═════ Exercise inputs ═════

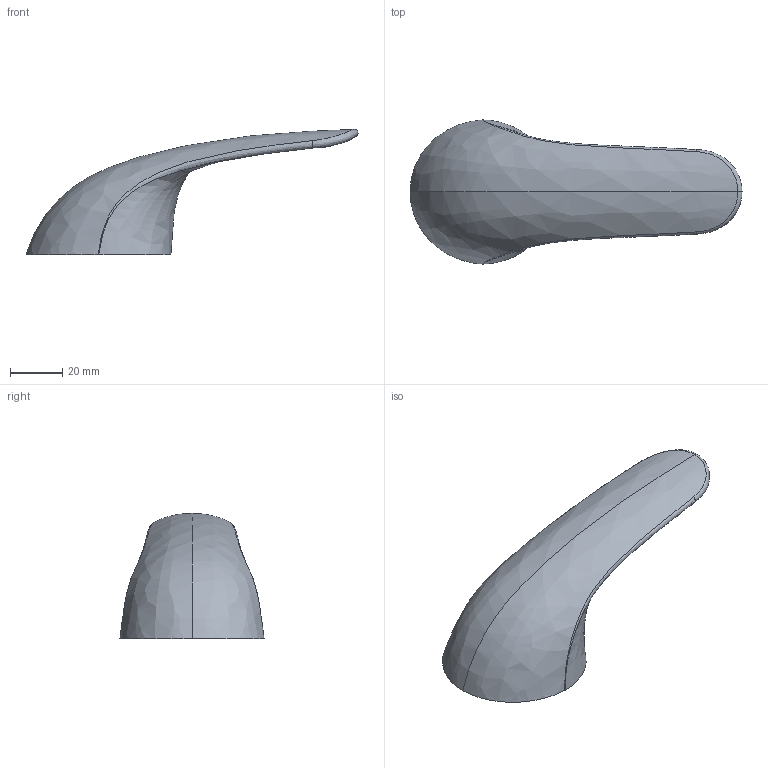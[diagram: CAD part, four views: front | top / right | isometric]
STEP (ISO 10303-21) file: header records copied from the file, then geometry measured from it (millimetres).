
FILE_DESCRIPTION(/* description */ ('Unknown'),/* implementation_level */ '2;1');
FILE_NAME(/* name */ '32752000',/* time_stamp */ '2022-08-26T11:44:14+02:00',/* author */ ('Unknown'),/* organization */ ('GROHE AG'),/* preprocessor_version */ 'ST-DEVELOPER v16.7',/* originating_system */ 'DEX',/* authorisation */ $);
FILE_SCHEMA (('AUTOMOTIVE_DESIGN {1 0 10303 214 3 1 1}'));
Length unit declared in the file: millimetre
Products named in the file (3): 32752000; id51
Assembly tree (2 placements, depth 2):
  32752000
    32752000
    id51
Bounding box: 127.59 x 55.43 x 48.11 mm (x, y, z)
Volume: 72576 mm3; surface area: 13871.4 mm2
Topology: 1 solids, 1 shells, 11 faces, 24 edges, 15 vertices
Faces by surface type: bspline 10, plane 1
Entity records: 2138 total; most frequent: CARTESIAN_POINT 1846, ORIENTED_EDGE 48, EDGE_CURVE 24, B_SPLINE_CURVE_WITH_KNOTS 24, VERTEX_POINT 15, EDGE_LOOP 11, FACE_BOUND 11, ADVANCED_FACE 11
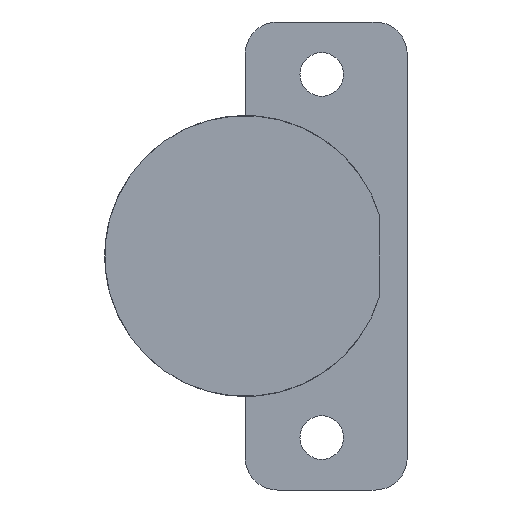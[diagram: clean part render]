
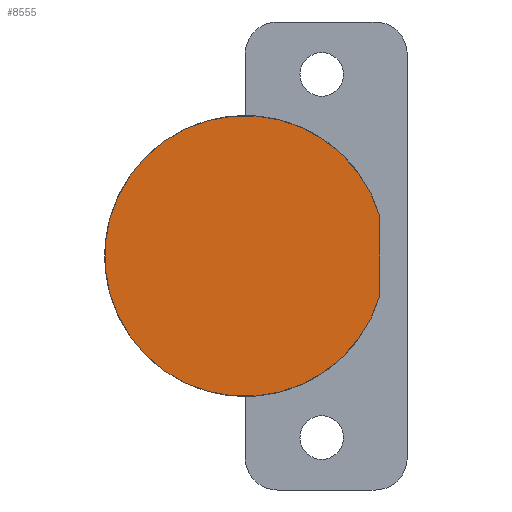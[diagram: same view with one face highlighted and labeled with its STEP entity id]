
A CAD part, front view. The second image highlights one B-rep face of the part: STEP entity #8555.
In plain terms, the highlighted planar face has unit normal (0, -1, 0).
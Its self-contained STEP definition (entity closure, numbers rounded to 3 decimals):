
#4202=DIRECTION('',(0.,0.,1.));
#4203=VECTOR('',#4202,9.771);
#4204=CARTESIAN_POINT('',(21.082,-11.2,-4.886));
#4205=LINE('',#4204,#4203);
#4216=CARTESIAN_POINT('',(4.382,-11.2,0.));
#4217=DIRECTION('',(0.,1.,0.));
#4218=DIRECTION('',(0.96,0.,-0.281));
#4219=AXIS2_PLACEMENT_3D('',#4216,#4217,#4218);
#5550=CARTESIAN_POINT('',(21.082,-11.2,-4.886));
#5551=CARTESIAN_POINT('',(21.082,-11.2,4.886));
#5552=VERTEX_POINT('',#5550);
#5553=VERTEX_POINT('',#5551);
#8546=CARTESIAN_POINT('',(4.382,-11.2,0.));
#8547=DIRECTION('',(0.,1.,0.));
#8548=DIRECTION('',(1.,0.,0.));
#8549=AXIS2_PLACEMENT_3D('',#8546,#8547,#8548);
#8550=PLANE('',#8549);
#8551=ORIENTED_EDGE('',*,*,#8538,.F.);
#8552=ORIENTED_EDGE('',*,*,#8479,.T.);
#8553=EDGE_LOOP('',(#8551,#8552));
#8554=FACE_OUTER_BOUND('',#8553,.F.);
#4220=CIRCLE('',#4219,17.4);
#8479=EDGE_CURVE('',#5552,#5553,#4220,.T.);
#8538=EDGE_CURVE('',#5552,#5553,#4205,.T.);
#8555=ADVANCED_FACE('',(#8554),#8550,.F.);
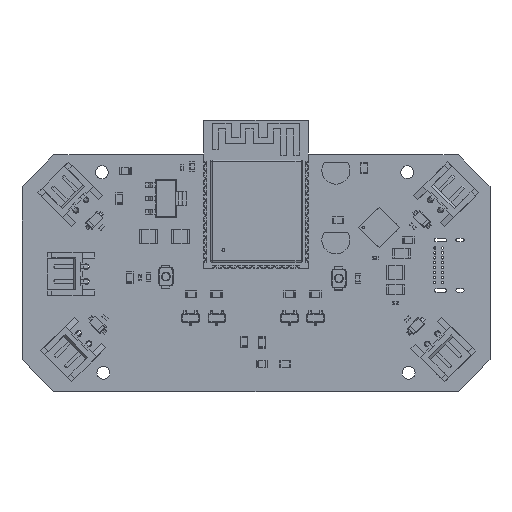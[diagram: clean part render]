
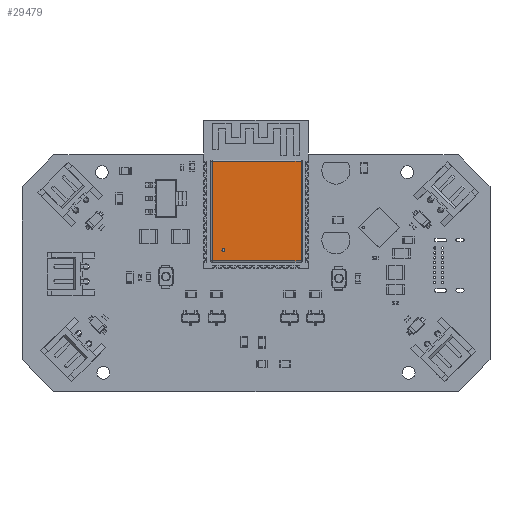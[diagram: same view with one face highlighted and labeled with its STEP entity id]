
A CAD part, top view. The second image highlights one B-rep face of the part: STEP entity #29479.
In plain terms, the highlighted planar face has unit normal (0, 0, 1).
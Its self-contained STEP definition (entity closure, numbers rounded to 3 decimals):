
#29303 = VERTEX_POINT('',#29304);
#29304 = CARTESIAN_POINT('',(-7.55,5.65,3.1));
#29311 = EDGE_CURVE('',#29303,#29312,#29314,.T.);
#29312 = VERTEX_POINT('',#29313);
#29313 = CARTESIAN_POINT('',(7.75,5.65,3.1));
#29314 = LINE('',#29315,#29316);
#29315 = CARTESIAN_POINT('',(-7.8,5.65,3.1));
#29316 = VECTOR('',#29317,1.);
#29317 = DIRECTION('',(1.,0.,0.));
#29479 = ADVANCED_FACE('',(#29480,#29505),#29516,.T.);
#29480 = FACE_BOUND('',#29481,.T.);
#29481 = EDGE_LOOP('',(#29482,#29492,#29498,#29499));
#29482 = ORIENTED_EDGE('',*,*,#29483,.F.);
#29483 = EDGE_CURVE('',#29484,#29486,#29488,.T.);
#29484 = VERTEX_POINT('',#29485);
#29485 = CARTESIAN_POINT('',(7.75,-11.45,3.1));
#29486 = VERTEX_POINT('',#29487);
#29487 = CARTESIAN_POINT('',(-7.55,-11.45,3.1));
#29488 = LINE('',#29489,#29490);
#29489 = CARTESIAN_POINT('',(8.,-11.45,3.1));
#29490 = VECTOR('',#29491,1.);
#29491 = DIRECTION('',(-1.,0.,0.));
#29492 = ORIENTED_EDGE('',*,*,#29493,.F.);
#29493 = EDGE_CURVE('',#29312,#29484,#29494,.T.);
#29494 = LINE('',#29495,#29496);
#29495 = CARTESIAN_POINT('',(7.75,5.9,3.1));
#29496 = VECTOR('',#29497,1.);
#29497 = DIRECTION('',(0.,-1.,0.));
#29498 = ORIENTED_EDGE('',*,*,#29311,.F.);
#29499 = ORIENTED_EDGE('',*,*,#29500,.F.);
#29500 = EDGE_CURVE('',#29486,#29303,#29501,.T.);
#29501 = LINE('',#29502,#29503);
#29502 = CARTESIAN_POINT('',(-7.55,-11.7,3.1));
#29503 = VECTOR('',#29504,1.);
#29504 = DIRECTION('',(0.,1.,0.));
#29505 = FACE_BOUND('',#29506,.T.);
#29506 = EDGE_LOOP('',(#29507));
#29507 = ORIENTED_EDGE('',*,*,#29508,.F.);
#29508 = EDGE_CURVE('',#29509,#29509,#29511,.T.);
#29509 = VERTEX_POINT('',#29510);
#29510 = CARTESIAN_POINT('',(-5.35,-9.6,3.1));
#29511 = CIRCLE('',#29512,0.25);
#29512 = AXIS2_PLACEMENT_3D('',#29513,#29514,#29515);
#29513 = CARTESIAN_POINT('',(-5.6,-9.6,3.1));
#29514 = DIRECTION('',(0.,0.,1.));
#29515 = DIRECTION('',(1.,0.,-0.));
#29516 = PLANE('',#29517);
#29517 = AXIS2_PLACEMENT_3D('',#29518,#29519,#29520);
#29518 = CARTESIAN_POINT('',(0.1,-2.9,3.1));
#29519 = DIRECTION('',(0.,0.,1.));
#29520 = DIRECTION('',(1.,0.,-0.));
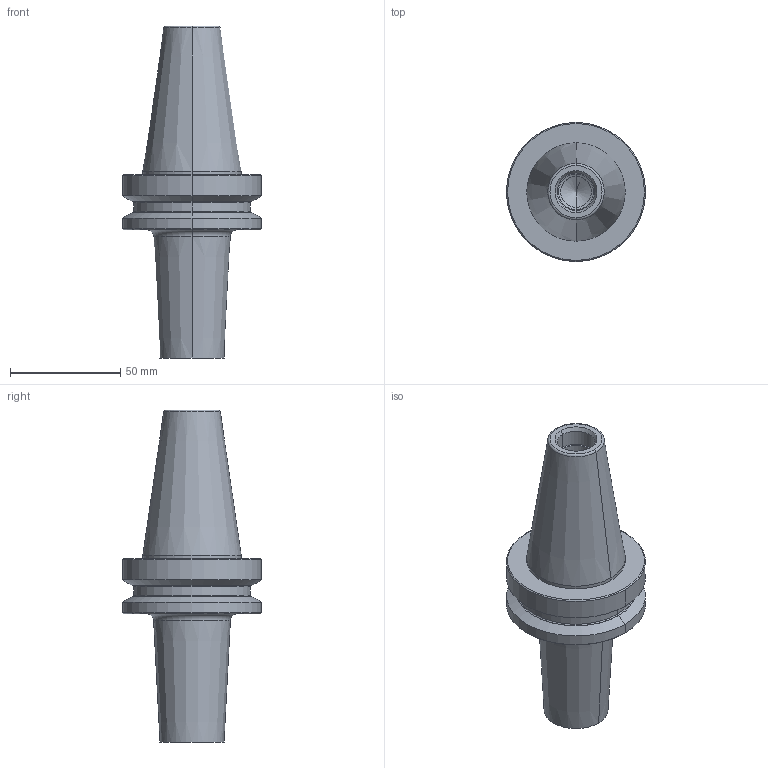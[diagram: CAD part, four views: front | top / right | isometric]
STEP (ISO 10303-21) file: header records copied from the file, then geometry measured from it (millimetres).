
FILE_DESCRIPTION(('no description'),'unknown implementation level');
FILE_NAME('solidVgD_5_VGYRsw9zF7j0DQo7C4XWc_1.STP',' ',('CIMSOURCE GmbH'),('CADClick - KiM GmbH - www.kimweb.de'),'unknown preprocess','ACIS','unknown authorization');
FILE_SCHEMA(('automotive_design'));
Length unit declared in the file: millimetre
Products named in the file (1): 1
Bounding box: 63 x 63 x 150.4 mm (x, y, z)
Volume: 171353.9 mm3; surface area: 27153 mm2
Topology: 1 solids, 1 shells, 64 faces, 130 edges, 70 vertices
Faces by surface type: cone 28, cylinder 22, torus 8, plane 6
Entity records: 3160 total; most frequent: DIRECTION 338, CARTESIAN_POINT 264, STYLED_ITEM 261, PRESENTATION_STYLE_ASSIGNMENT 261, COLOUR_RGB 261, ORIENTED_EDGE 252, AXIS2_PLACEMENT_3D 144, EDGE_CURVE 126
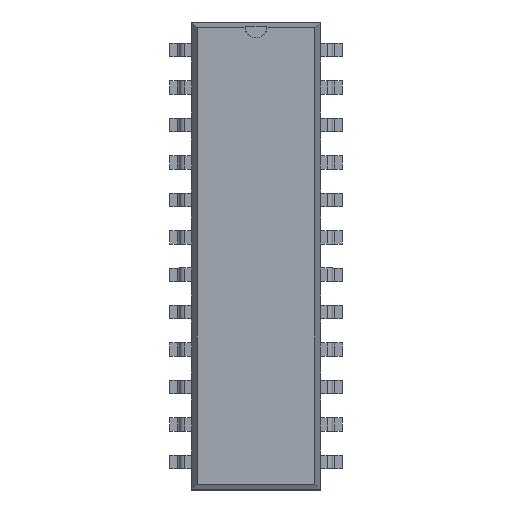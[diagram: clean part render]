
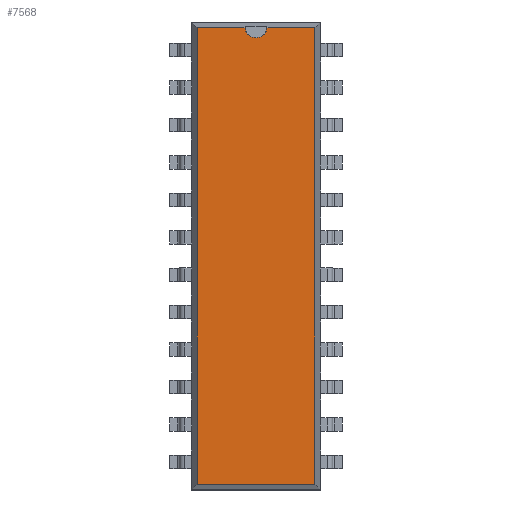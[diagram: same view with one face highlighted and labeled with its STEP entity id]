
A CAD part, top view. The second image highlights one B-rep face of the part: STEP entity #7568.
In plain terms, the highlighted planar face has unit normal (0, 0, 1).
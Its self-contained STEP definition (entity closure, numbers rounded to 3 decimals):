
#27=VECTOR('',#28,1.);
#28=DIRECTION('',(0.,1.,0.));
#34=VECTOR('',#35,1.);
#35=DIRECTION('',(-1.,0.,0.));
#41=VECTOR('',#42,1.);
#42=DIRECTION('',(0.,-1.,0.));
#46=VECTOR('',#47,1.);
#47=DIRECTION('',(1.,0.,0.));
#50=DIRECTION('',(0.,0.,-1.));
#1436=DIRECTION('',(0.,0.,-1.));
#5078=VERTEX_POINT('',#5079);
#5079=CARTESIAN_POINT('',(4.001,15.476,3.68));
#5081=ORIENTED_EDGE('',*,*,#5082,.F.);
#5082=EDGE_CURVE('',#5083,#5078,#5085,.T.);
#5083=VERTEX_POINT('',#5084);
#5084=CARTESIAN_POINT('',(4.001,-15.476,3.68));
#5085=LINE('',#5084,#27);
#6285=VERTEX_POINT('',#6286);
#6286=CARTESIAN_POINT('',(-4.001,15.476,3.68));
#6288=ORIENTED_EDGE('',*,*,#6289,.F.);
#6289=EDGE_CURVE('',#6290,#6285,#6292,.T.);
#6290=VERTEX_POINT('',#6291);
#6291=CARTESIAN_POINT('',(-0.746,15.476,3.68));
#6292=LINE('',#5079,#34);
#6311=VERTEX_POINT('',#6312);
#6312=CARTESIAN_POINT('',(0.746,15.476,3.68));
#6318=ORIENTED_EDGE('',*,*,#6319,.F.);
#6319=EDGE_CURVE('',#5078,#6311,#6292,.T.);
#6363=VERTEX_POINT('',#6364);
#6364=CARTESIAN_POINT('',(-4.001,-15.476,3.68));
#6366=ORIENTED_EDGE('',*,*,#6367,.F.);
#6367=EDGE_CURVE('',#6285,#6363,#6368,.T.);
#6368=LINE('',#6286,#41);
#7563=ORIENTED_EDGE('',*,*,#7564,.F.);
#7564=EDGE_CURVE('',#6363,#5083,#7565,.T.);
#7565=LINE('',#6364,#46);
#7568=ADVANCED_FACE('',(#7569),#7580,.F.);
#7569=FACE_BOUND('',#7570,.F.);
#7570=EDGE_LOOP('',(#5081,#7563,#6366,#6288,#7571,#7578,#6318));
#7571=ORIENTED_EDGE('',*,*,#7572,.F.);
#7572=EDGE_CURVE('',#7573,#6290,#7575,.T.);
#7573=VERTEX_POINT('',#7574);
#7574=CARTESIAN_POINT('',(0.,14.801,3.68));
#7575=CIRCLE('',#7576,0.75);
#7576=AXIS2_PLACEMENT_3D('',#7577,#1436,#42);
#7577=CARTESIAN_POINT('',(0.,15.551,3.68));
#7578=ORIENTED_EDGE('',*,*,#7579,.F.);
#7579=EDGE_CURVE('',#6311,#7573,#7575,.T.);
#7580=PLANE('',#7581);
#7581=AXIS2_PLACEMENT_3D('',#5084,#50,#7582);
#7582=DIRECTION('',(-0.25,0.968,0.));
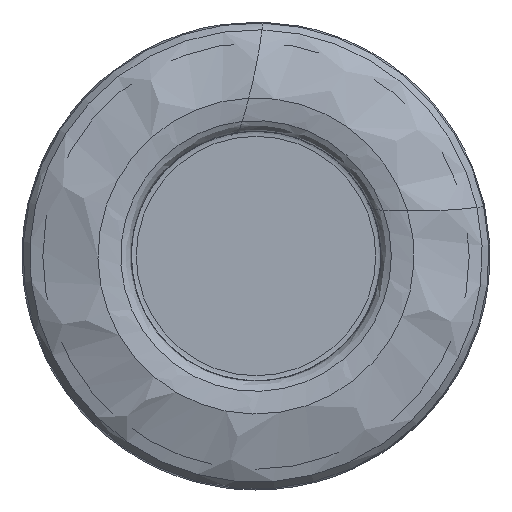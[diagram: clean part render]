
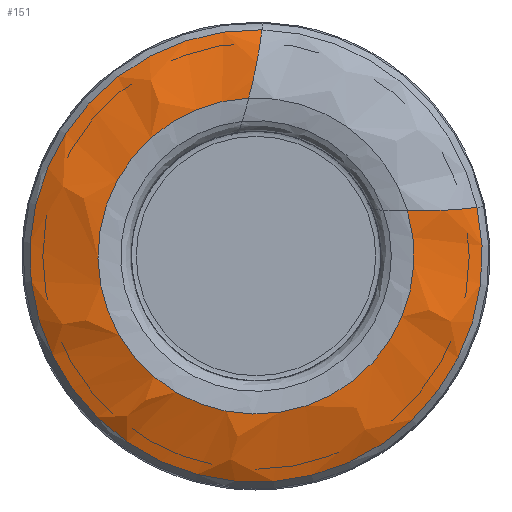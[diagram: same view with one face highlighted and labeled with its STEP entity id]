
A CAD part, left-side view. The second image highlights one B-rep face of the part: STEP entity #151.
In plain terms, the highlighted free-form (B-spline) face has degree [3, 3] with [4, 7] control points.
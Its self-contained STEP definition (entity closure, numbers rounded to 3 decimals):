
#49=(
BOUNDED_SURFACE()
B_SPLINE_SURFACE(3,3,((#1090,#1091,#1092,#1093,#1094,#1095,#1096),(#1097,
#1098,#1099,#1100,#1101,#1102,#1103),(#1104,#1105,#1106,#1107,#1108,#1109,
#1110),(#1111,#1112,#1113,#1114,#1115,#1116,#1117)),.UNSPECIFIED.,.F.,.F.,
 .F.)
B_SPLINE_SURFACE_WITH_KNOTS((4,4),(4,3,4),(0.,1.),(0.,0.5,1.),
 .UNSPECIFIED.)
GEOMETRIC_REPRESENTATION_ITEM()
RATIONAL_B_SPLINE_SURFACE(((1.,0.551,0.551,1.,0.551,
0.551,1.),(0.961,0.529,0.529,
0.961,0.529,0.529,0.961),
(0.961,0.529,0.529,0.961,
0.529,0.529,0.961),(1.,0.551,
0.551,1.,0.551,0.551,1.)))
REPRESENTATION_ITEM('')
SURFACE()
);
#151=ADVANCED_FACE('',(#179),#49,.F.);
#179=FACE_OUTER_BOUND('',#233,.T.);
#233=EDGE_LOOP('',(#314,#315,#316,#317));
#314=ORIENTED_EDGE('',*,*,#455,.F.);
#315=ORIENTED_EDGE('',*,*,#456,.F.);
#316=ORIENTED_EDGE('',*,*,#452,.T.);
#317=ORIENTED_EDGE('',*,*,#457,.F.);
#405=VERTEX_POINT('',#1053);
#406=VERTEX_POINT('',#1054);
#407=VERTEX_POINT('',#1086);
#408=VERTEX_POINT('',#1087);
#452=EDGE_CURVE('',#405,#406,#513,.T.);
#455=EDGE_CURVE('',#407,#408,#516,.T.);
#456=EDGE_CURVE('',#405,#407,#517,.T.);
#457=EDGE_CURVE('',#408,#406,#518,.T.);
#513=CIRCLE('',#589,8.776);
#516=CIRCLE('',#592,12.566);
#517=CIRCLE('',#593,6.);
#518=CIRCLE('',#594,6.);
#589=AXIS2_PLACEMENT_3D('',#1052,#721,#722);
#592=AXIS2_PLACEMENT_3D('',#1085,#727,#728);
#593=AXIS2_PLACEMENT_3D('',#1088,#729,#730);
#594=AXIS2_PLACEMENT_3D('',#1089,#731,#732);
#721=DIRECTION('',(1.,0.,0.));
#722=DIRECTION('',(0.,-0.959,0.285));
#727=DIRECTION('',(1.,0.,0.));
#728=DIRECTION('',(0.,-0.977,0.215));
#729=DIRECTION('',(-0.174,0.,0.985));
#730=DIRECTION('',(0.985,0.,0.174));
#731=DIRECTION('',(0.174,-0.956,-0.237));
#732=DIRECTION('',(0.985,0.169,0.042));
#1052=CARTESIAN_POINT('',(0.009,0.,0.));
#1053=CARTESIAN_POINT('',(0.009,-8.412,2.502));
#1054=CARTESIAN_POINT('',(0.009,0.405,8.767));
#1085=CARTESIAN_POINT('',(1.135,0.,0.));
#1086=CARTESIAN_POINT('',(1.135,-12.272,2.7));
#1087=CARTESIAN_POINT('',(1.135,-0.331,12.562));
#1088=CARTESIAN_POINT('',(5.909,-8.737,3.542));
#1089=CARTESIAN_POINT('',(5.909,1.336,9.332));
#1090=CARTESIAN_POINT('',(0.009,-8.412,2.502));
#1091=CARTESIAN_POINT('',(0.009,-11.275,-7.128));
#1092=CARTESIAN_POINT('',(0.009,-3.105,-12.973));
#1093=CARTESIAN_POINT('',(0.009,5.084,-7.154));
#1094=CARTESIAN_POINT('',(0.009,13.272,-1.335));
#1095=CARTESIAN_POINT('',(0.009,10.44,8.303));
#1096=CARTESIAN_POINT('',(0.009,0.405,8.767));
#1097=CARTESIAN_POINT('',(-0.066,-9.806,2.488));
#1098=CARTESIAN_POINT('',(-0.066,-12.654,-8.736));
#1099=CARTESIAN_POINT('',(-0.066,-2.971,-15.088));
#1100=CARTESIAN_POINT('',(-0.066,6.189,-8.002));
#1101=CARTESIAN_POINT('',(-0.066,15.35,-0.917));
#1102=CARTESIAN_POINT('',(-0.066,11.637,10.052));
#1103=CARTESIAN_POINT('',(-0.066,0.057,10.117));
#1104=CARTESIAN_POINT('',(0.325,-11.145,2.557));
#1105=CARTESIAN_POINT('',(0.325,-14.072,-10.2));
#1106=CARTESIAN_POINT('',(0.325,-2.965,-17.125));
#1107=CARTESIAN_POINT('',(0.325,7.201,-8.882));
#1108=CARTESIAN_POINT('',(0.325,17.368,-0.638));
#1109=CARTESIAN_POINT('',(0.325,12.888,11.66));
#1110=CARTESIAN_POINT('',(0.325,-0.198,11.432));
#1111=CARTESIAN_POINT('',(1.135,-12.272,2.7));
#1112=CARTESIAN_POINT('',(1.135,-15.363,-11.348));
#1113=CARTESIAN_POINT('',(1.135,-3.089,-18.848));
#1114=CARTESIAN_POINT('',(1.135,8.002,-9.689));
#1115=CARTESIAN_POINT('',(1.135,19.092,-0.53));
#1116=CARTESIAN_POINT('',(1.135,14.048,12.941));
#1117=CARTESIAN_POINT('',(1.135,-0.331,12.562));

═════

[Work to be completed]
Using the entries above, work out the number of lines containing the string "UNSPECIFIED", and supply only that number.

[Answer to this exercise]
2